- EXERCISE REQUIREMENTS: A verbatim transcript of the data below is required, images omitted.

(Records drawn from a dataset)
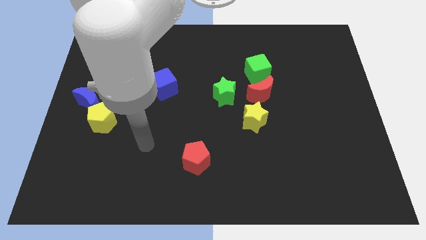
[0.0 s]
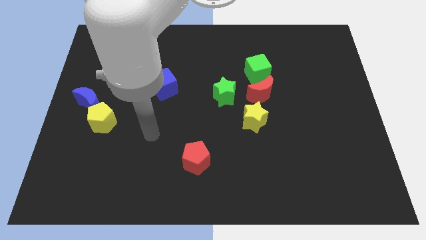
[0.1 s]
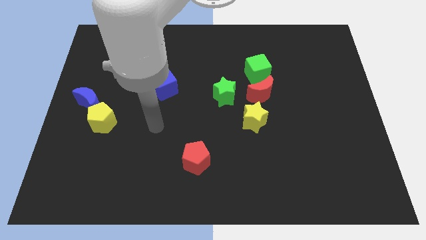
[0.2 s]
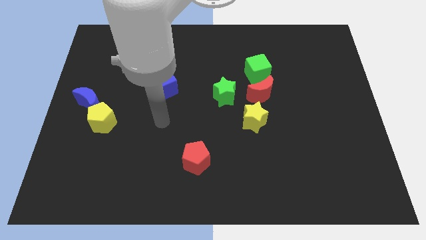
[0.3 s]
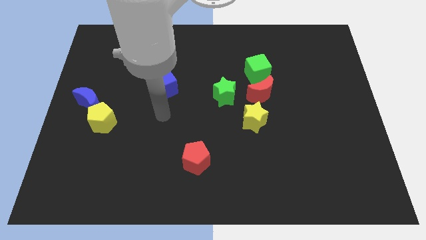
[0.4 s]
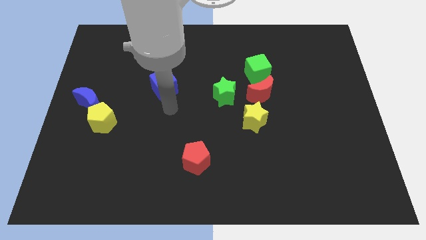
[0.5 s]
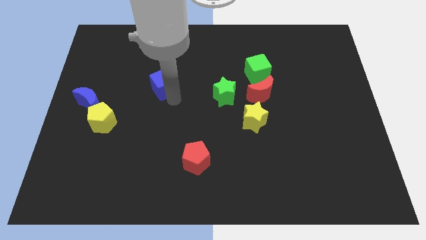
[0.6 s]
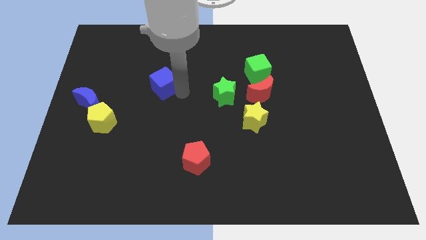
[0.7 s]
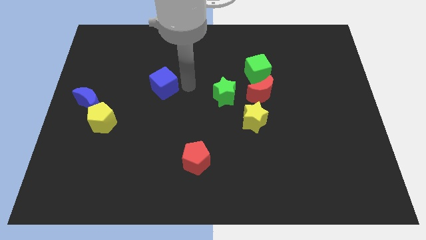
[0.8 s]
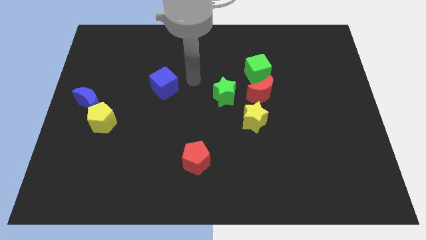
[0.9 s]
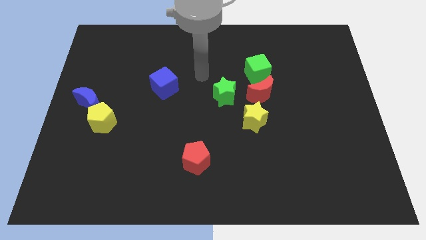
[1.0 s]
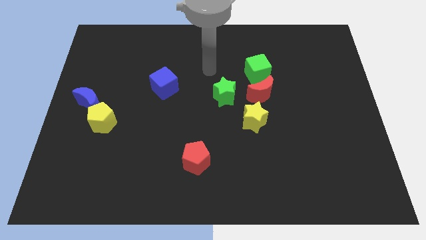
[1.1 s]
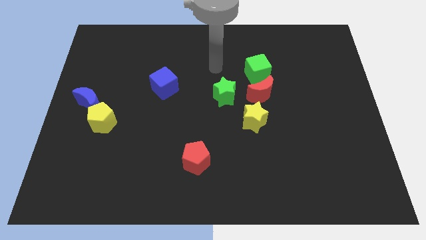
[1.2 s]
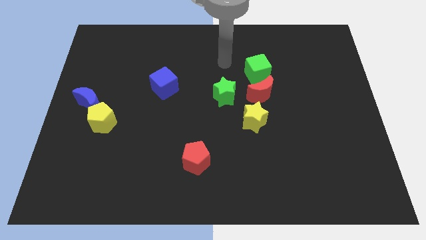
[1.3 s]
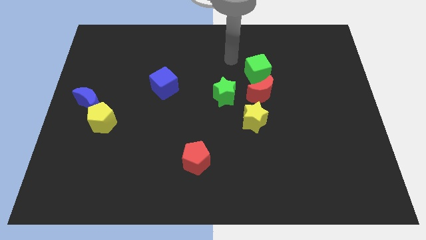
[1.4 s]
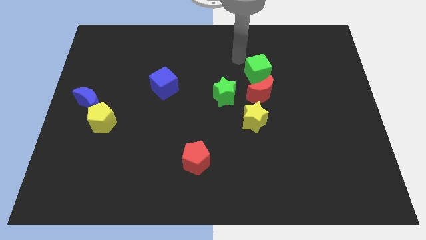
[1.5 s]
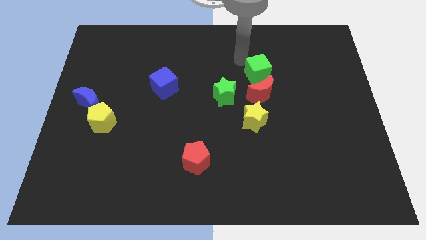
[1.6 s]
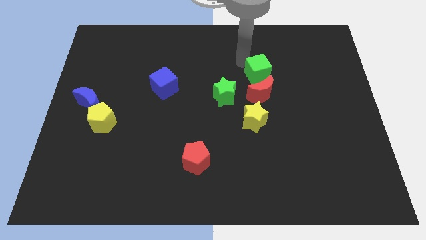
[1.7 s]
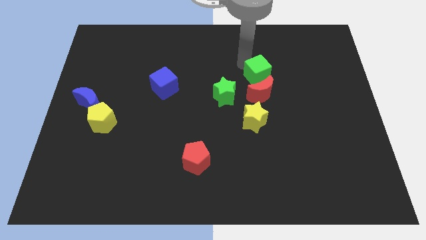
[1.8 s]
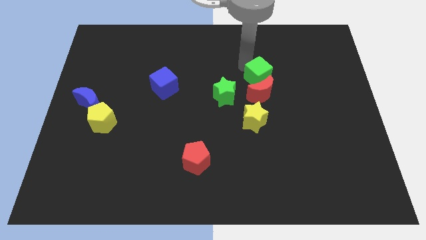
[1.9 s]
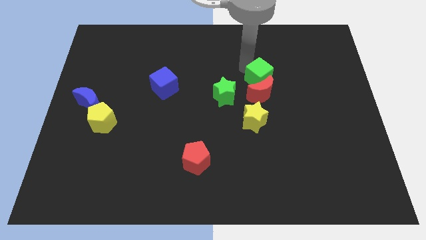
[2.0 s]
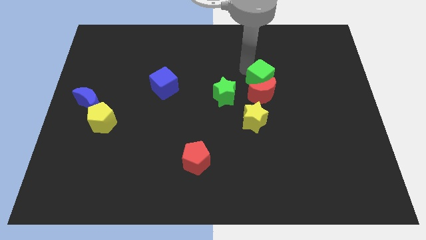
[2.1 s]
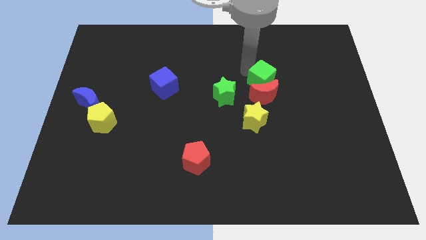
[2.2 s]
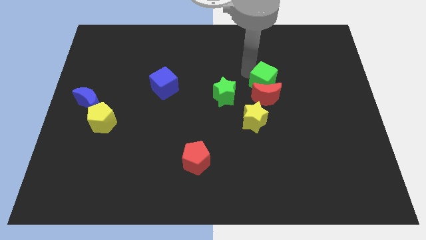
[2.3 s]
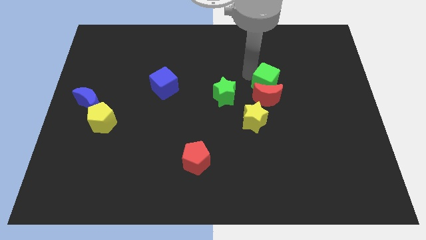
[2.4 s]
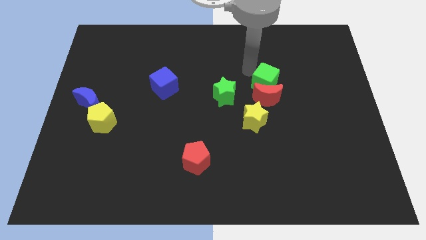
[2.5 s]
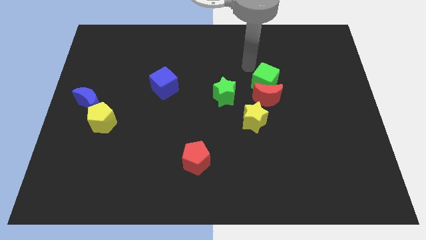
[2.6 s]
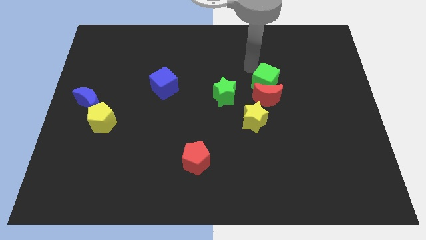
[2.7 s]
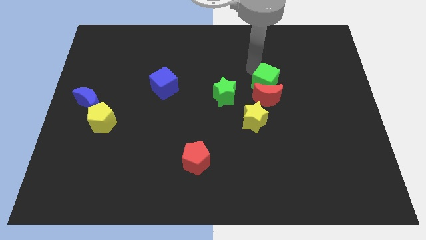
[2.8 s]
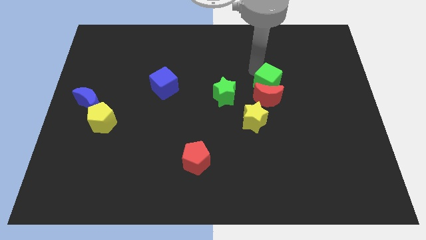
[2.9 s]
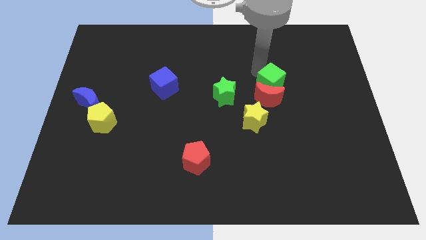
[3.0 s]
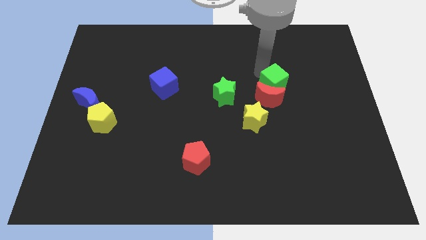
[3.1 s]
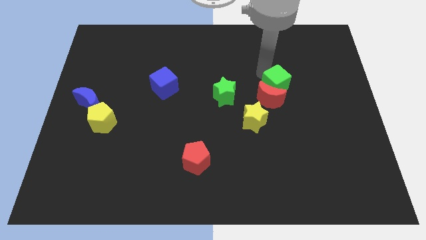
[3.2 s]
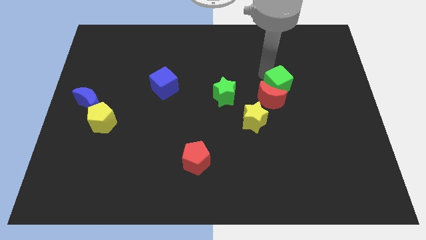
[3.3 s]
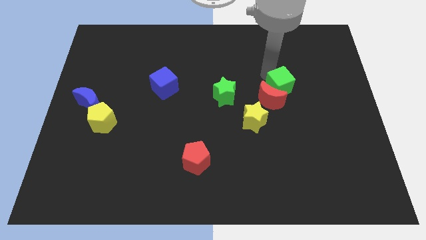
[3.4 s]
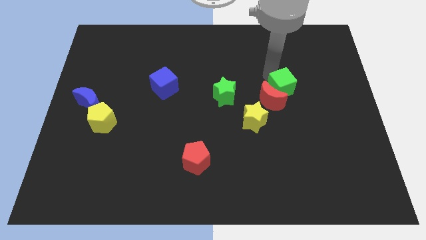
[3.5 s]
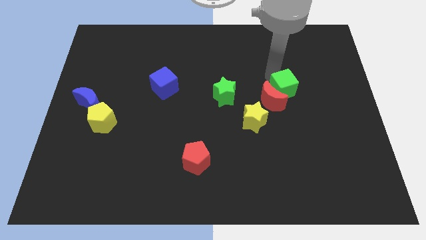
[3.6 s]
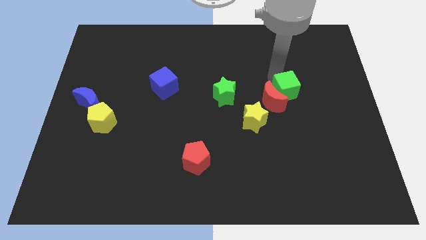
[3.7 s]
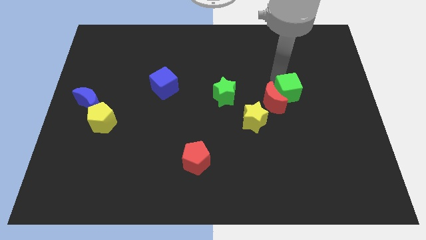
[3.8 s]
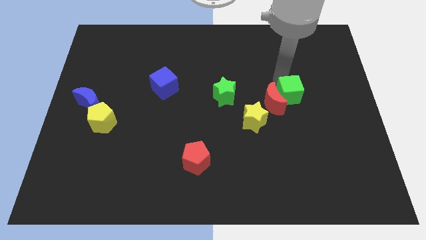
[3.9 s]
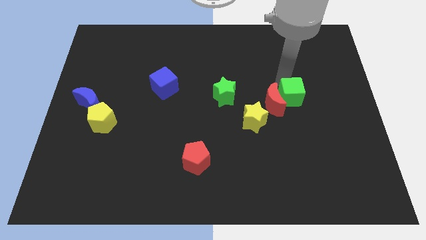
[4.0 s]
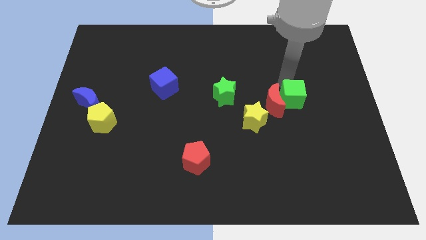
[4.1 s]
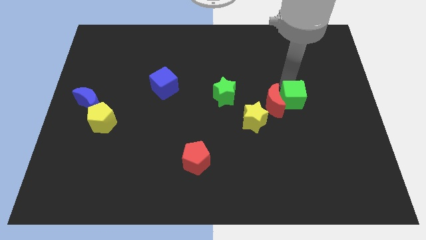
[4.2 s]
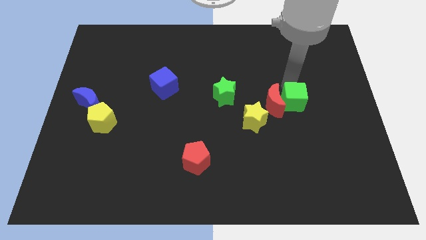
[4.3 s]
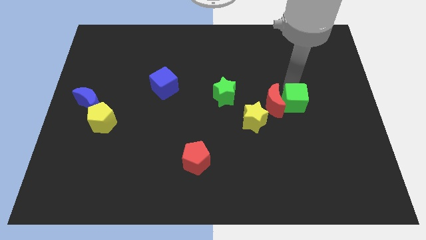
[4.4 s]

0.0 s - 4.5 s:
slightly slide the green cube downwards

- WRITTEN SOLUTION:
[0.0 s]
[0.1 s]
[0.2 s]
[0.3 s]
[0.4 s]
[0.5 s]
[0.6 s]
[0.7 s]
[0.8 s]
[0.9 s]
[1.0 s]
[1.1 s]
[1.2 s]
[1.3 s]
[1.4 s]
[1.5 s]
[1.6 s]
[1.7 s]
[1.8 s]
[1.9 s]
[2.0 s]
[2.1 s]
[2.2 s]
[2.3 s]
[2.4 s]
[2.5 s]
[2.6 s]
[2.7 s]
[2.8 s]
[2.9 s]
[3.0 s]
[3.1 s]
[3.2 s]
[3.3 s]
[3.4 s]
[3.5 s]
[3.6 s]
[3.7 s]
[3.8 s]
[3.9 s]
[4.0 s]
[4.1 s]
[4.2 s]
[4.3 s]
[4.4 s]

0.0 s - 4.5 s:
slightly slide the green cube downwards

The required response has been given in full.